Blocking Suppose you want to test a strength training regimen for upper-body strength. We are going to see how many push-ups subjects can do after going through the training. We expect some variation in the amount of push-ups done. We try to control this variability by placing subjects in groups with similar individuals. One way to accomplish this is to separate men and women. We would expect women to do fewer push-ups because they tend to have less upper-body strength. By separating the subjects by gender, we can reduce the variation in strength on the number of push-ups. This is the idea behind a block design. Look at Example 5.21 and 5.22 on p

The progress of a certain kind of cancer differs in men and women
The progress of a certain kind of cancer differs in men and women. A clinical experiment to compare three therapies for this cancer therefore treats gender as a blocking variable. We randomly assign men to one of the three groups, and women to one of the three groups. The design is outlined (diagrammed below).

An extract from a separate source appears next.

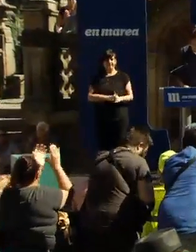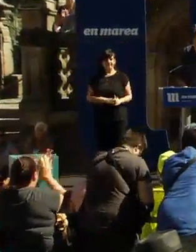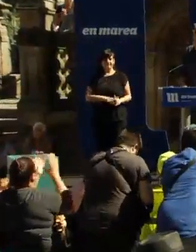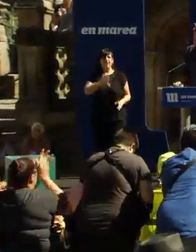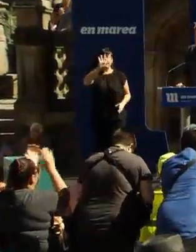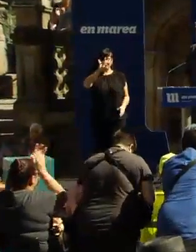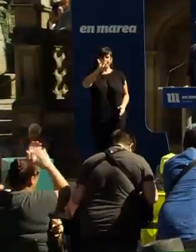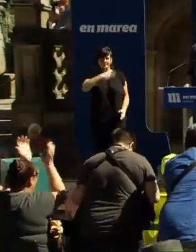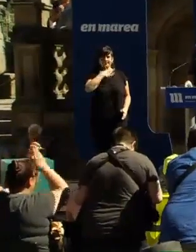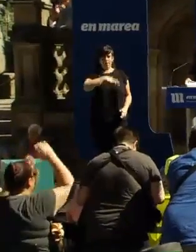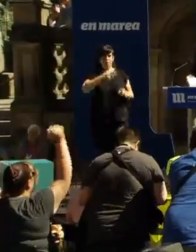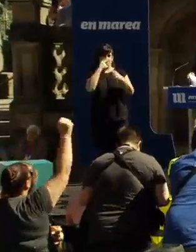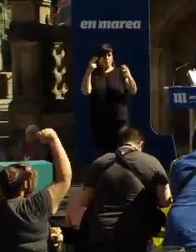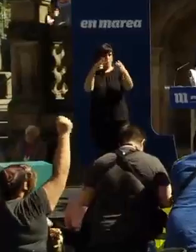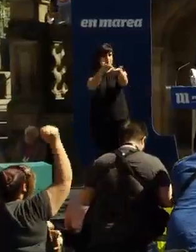¡Puede!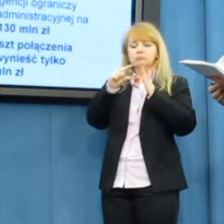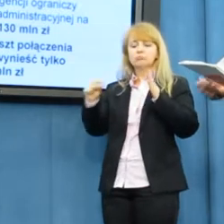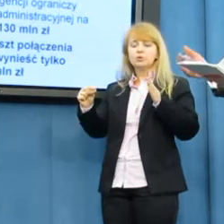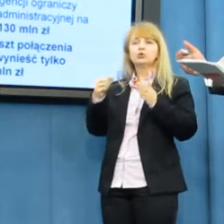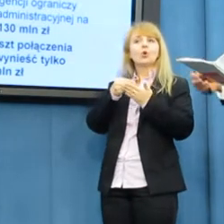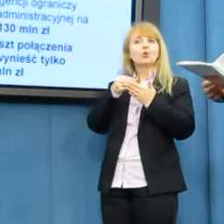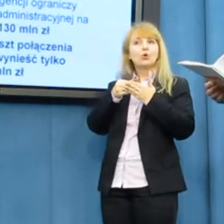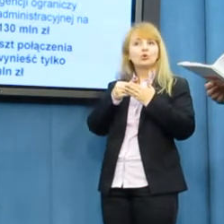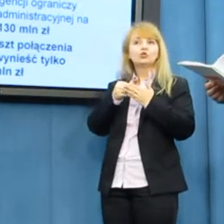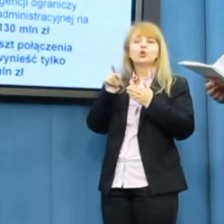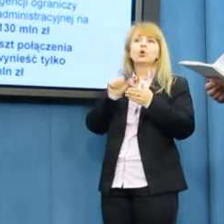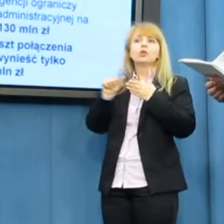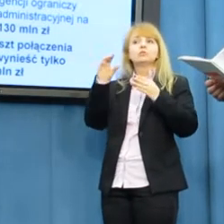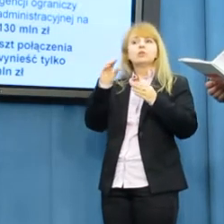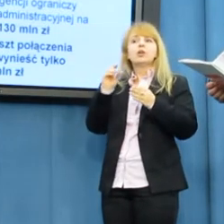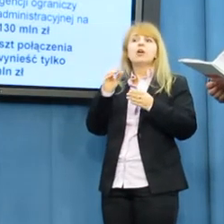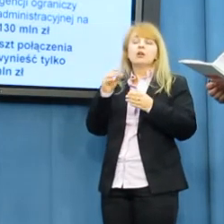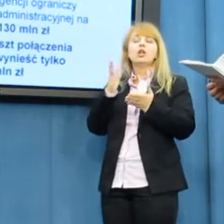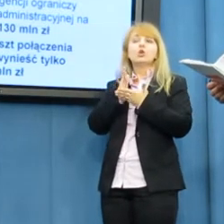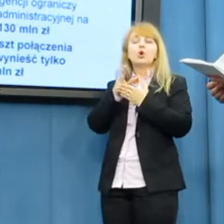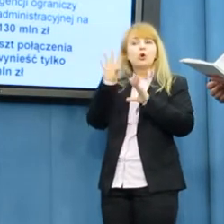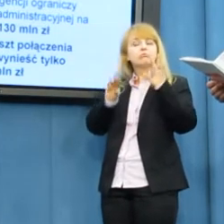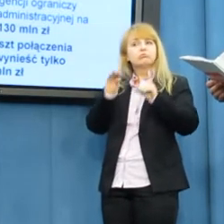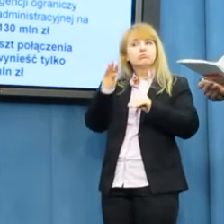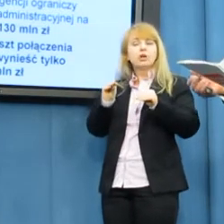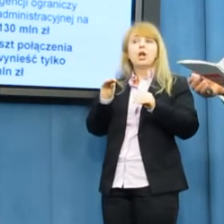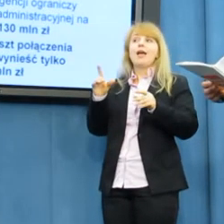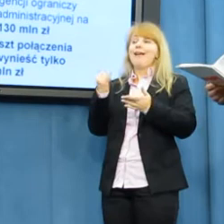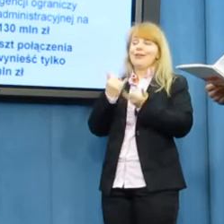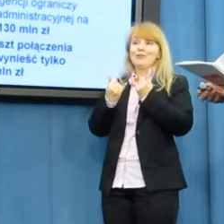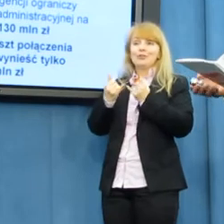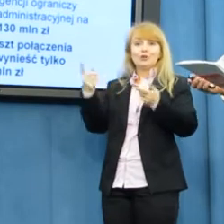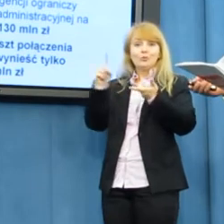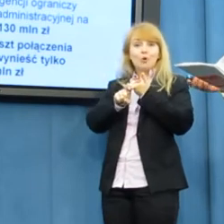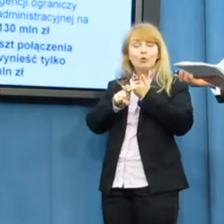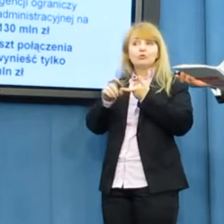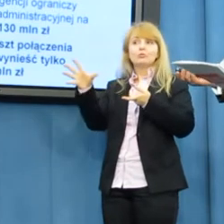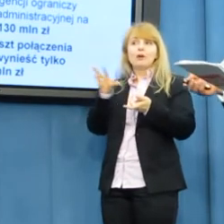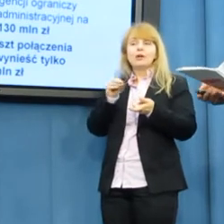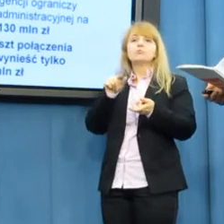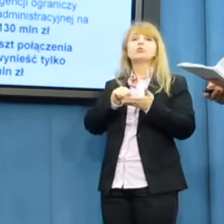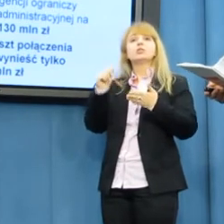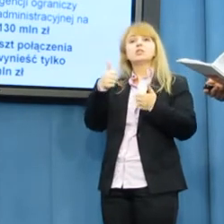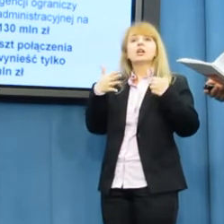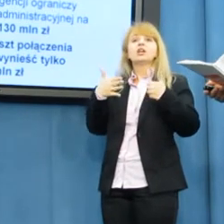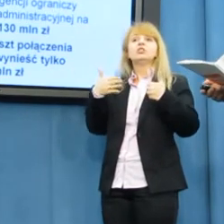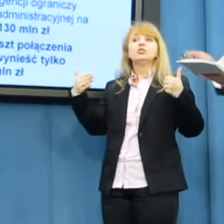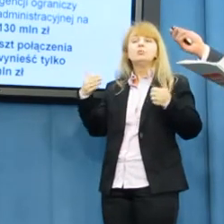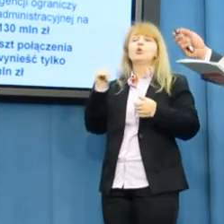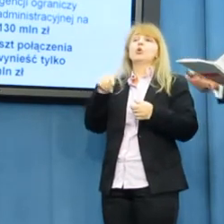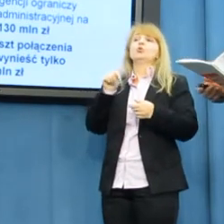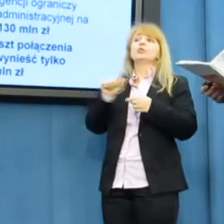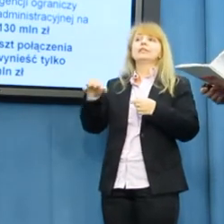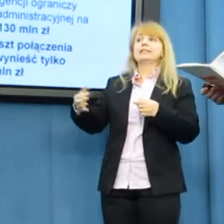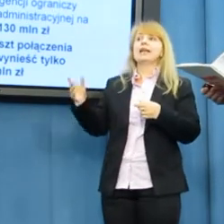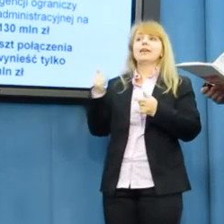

Blocking Blocking allows us to reach separate conclusions about each block. So if we block by gender, we can draw conclusions about women and different conclusions about men. Wise experimenters form blocks based on the most important, unavoidable sources of variability among the experimental units. The mantra is: Control what you can, block what you can’t control, and randomize the rest.

Matched Pairs Design Matching the subjects in various ways can produce more precise results than simple randomization. A Matched Pairs Design is the simplest use of matching. The subjects are matched in pairs – for example, an experiment to compare two advertisements for the same product might use pairs of subjects with the same age, sex, and income. The idea is that matched subjects are more similar than unmatched subjects, so that comparing responses within a number of pairs is more efficient than comparing responses of groups. We still randomly decide which subject from the pair sees which commercial. See Examples 5.23 and 5.24 on p

Randomized Comparative Experiments depend on our ability to treat all experimental units identically in every way except for the treatments being compared. Good experiments require careful attention to detail. In particular, we must try to avoid researcher and subject bias.

If those who measure the response variable know which treatment a subject receives or if the subject knows which treatment a subject received, it is a single-blind study. This causes bias because a researcher may want a certain result and look for it or a subject may have a certain idea about what something is supposed to do and make sure it happens.